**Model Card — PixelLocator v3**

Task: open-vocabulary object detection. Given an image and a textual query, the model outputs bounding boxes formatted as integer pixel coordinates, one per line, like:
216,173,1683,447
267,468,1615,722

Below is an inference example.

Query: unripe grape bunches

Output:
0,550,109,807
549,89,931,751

——

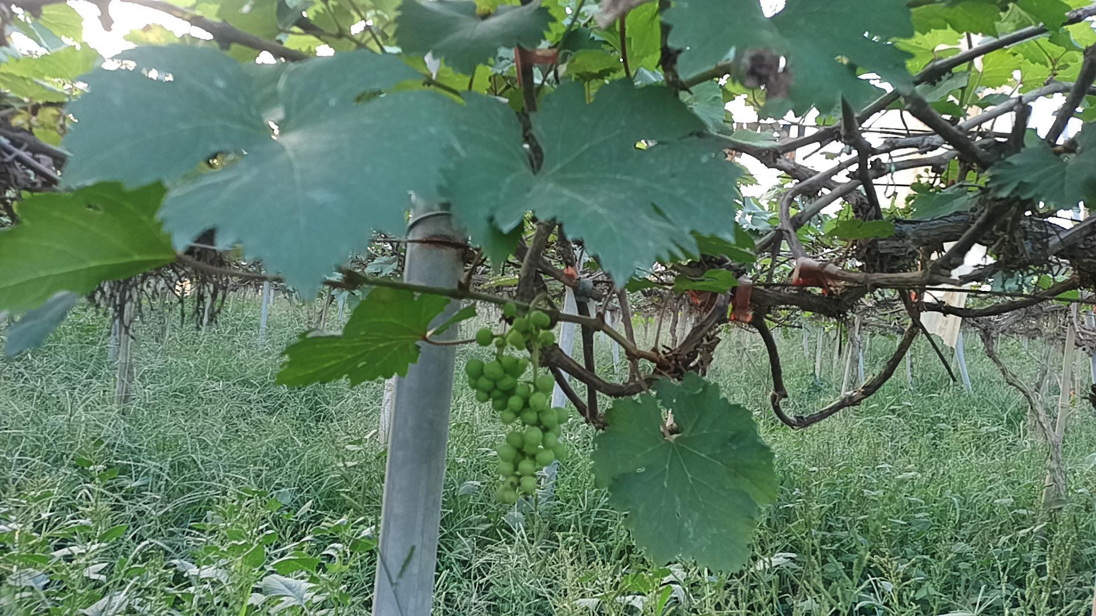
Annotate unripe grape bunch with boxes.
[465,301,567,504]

——

Task directions:
All lines above from the line with "Card — PixelLocator v3**" through the line with "267,468,1615,722", both included, are to be set down exactly, with nothing else.

Response area:
**Model Card — PixelLocator v3**

Task: open-vocabulary object detection. Given an image and a textual query, the model outputs bounding boxes formatted as integer pixel coordinates, one per line, like:
216,173,1683,447
267,468,1615,722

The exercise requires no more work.